Архитекторы расстелили свои чертежи на столе, и начался профессиональный разговор о будущем облике Парижа.
– Вы хотите иметь представление о внешнем виде Парижа? – сразу же спросил толстяк Бюлли. – Я уверен, что вы никогда не поднимались на башню собора Парижской Богоматери. Поднимитесь! Только оттуда вы увидите, что город кругл, как тыква. Штукатурка, то черная, то белая, составляет две трети его строительного материала и указывает на то, что он стоит на известковой почве. Дым, вечно поднимающийся из его бесчисленных труб, скрывает от нас остроконечные верхи колоколен…
(Шарль конечно же бывал на башне собора Парижской Богоматери. Он вспоминал: облака действительно образуются от густого дыма над зданиями, так что испарения становятся ощутимы для глаз.)
Город уже не вмешался в старые границы. На чертежах Шарль увидел, как будут застраиваться окраины Парижа. Он не мог не пожалеть об этом: окрестности Парижа прелестны, таких садов и аллей не встретишь ни в одном другом городе мира.

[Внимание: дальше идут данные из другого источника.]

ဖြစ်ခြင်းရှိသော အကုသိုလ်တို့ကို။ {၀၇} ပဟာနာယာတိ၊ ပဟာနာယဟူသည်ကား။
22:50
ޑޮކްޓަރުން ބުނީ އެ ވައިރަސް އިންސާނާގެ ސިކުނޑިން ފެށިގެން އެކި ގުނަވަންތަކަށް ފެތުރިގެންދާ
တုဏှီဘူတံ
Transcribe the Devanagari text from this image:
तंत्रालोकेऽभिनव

Шарль сказал об этом своим визитерам.
– Вы правы, господин Перро! – подхватил второй архитектор, Блондель. В отличие от коллеги, он был высок, строен и немногословен. – Но другого пути у нас нет. Город надо не только расширить, но еще и разгрузить. Иначе он попросту не выдержит своей тяжести!
– Поясните вашу мысль, – попросил Шарль.
– Для постройки Парижа, как вы, конечно, знаете, приходилось брать камень в его окрестностях, а требовалось его немало. Пришло время, и по мере роста города его предместья стали строиться на местах прежних каменоломен. Этим объясняются те ужасающие впадины и пустоты, которые образовались под домами во многих местах города. – Блондель маленькой указательной палочкой, которую он вынул из кармана камзола, стал водить по чертежу. – Всё предместье Сен-Жак, улица Арфы и даже улица Турнон расположены над бывшими каменоломнями. Вот здесь пришлось возвести пилястры, чтобы поддерживать груз домов…

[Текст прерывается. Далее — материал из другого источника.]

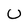
Character: U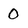
Character: 0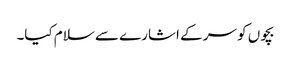
بچوں کو سر کے اشارے سے سلام کیا۔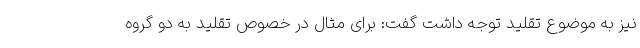
نیز به موضوع تقلید توجه داشت گفت: برای مثال در خصوص تقلید به دو گروه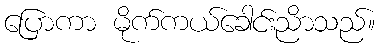
ပြောကာ မိုက်ကယ်ခေါင်းညိာသည်။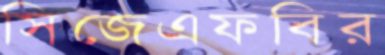
সিজেএফবির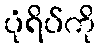
ပုံရိပ်ကို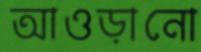
আওড়ানো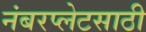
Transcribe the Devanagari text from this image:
नंबरप्लेटसाठी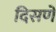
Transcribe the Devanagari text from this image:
दिसणें

Так начал реализовываться план расширения Парижа. Дело было не только в увеличении территории старого города. Новые кварталы, построенные по плану архитекторов Бюлли и Блонделя, должны были украсить облик столицы, чтобы он соответствовал блеску и величию монархии Людовика XIV. Предусматривалось расширение территории Парижа на северо-запад. На месте древних укреплений проектировались озелененные «променады» (места для гуляния), положившие начало будущим знаменитым бульварам. По плану Бюлли и Блонделя, поддержанному Перро и утвержденному Кольбером, оформлялись и архитектурно укреплялись парадные въезды в город, для чего строились ворота в виде триумфальных арок: Сен-Дени, Сен-Мартин, Сен-Бернар и Сен-Луи.
* * *
По долгу службы и по велению сердца Шарль Перро внимательно следил за всеми литературными событиями. В 1676 году Жан Расин издает свой сборник трагедий. В предисловии он полемизирует с Перро.
В свою очередь, Шарль Перро решительно встает на защиту современного романа, нового жанра, отвергнутого приверженцами классицизма. Он принимает у себя писателя Скаррона и дает высокую оценку его произведению «Перелицованный Вергилий», а также поддерживает переведенный на французский язык роман М. Сервантеса «Дон Кихот». А годом позже публикует статью «Традиции поэмы бурлеска итальянца Тассони», в которой доказывает, что этот жанр имеет большие перспективы в современной литературе.
Во время одной из ежедневных встреч с Кольбером Перро узнает о нововведении своего патрона: Римская академия, основанная Ришелье в 1668 году, переходит под юрисдикцию Королевской академии живописи и скульптуры.
…28 октября у Шарля родился второй сын. Его назвали именем отца – Шарль.